What is expected:
Output the records exactly. Include every line.

Data provided: Begin

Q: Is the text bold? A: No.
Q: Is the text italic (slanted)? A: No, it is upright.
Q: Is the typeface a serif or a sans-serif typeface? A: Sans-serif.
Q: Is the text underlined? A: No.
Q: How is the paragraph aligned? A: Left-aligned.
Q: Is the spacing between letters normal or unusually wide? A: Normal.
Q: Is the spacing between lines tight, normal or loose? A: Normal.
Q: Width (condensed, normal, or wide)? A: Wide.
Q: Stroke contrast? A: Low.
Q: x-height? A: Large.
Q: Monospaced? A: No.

Data provided: End

Response to the exercise:
Q: Is the text bold? A: No.
Q: Is the text italic (slanted)? A: No, it is upright.
Q: Is the typeface a serif or a sans-serif typeface? A: Sans-serif.
Q: Is the text underlined? A: No.
Q: How is the paragraph aligned? A: Left-aligned.
Q: Is the spacing between letters normal or unusually wide? A: Normal.
Q: Is the spacing between lines tight, normal or loose? A: Normal.
Q: Width (condensed, normal, or wide)? A: Wide.
Q: Stroke contrast? A: Low.
Q: x-height? A: Large.
Q: Monospaced? A: No.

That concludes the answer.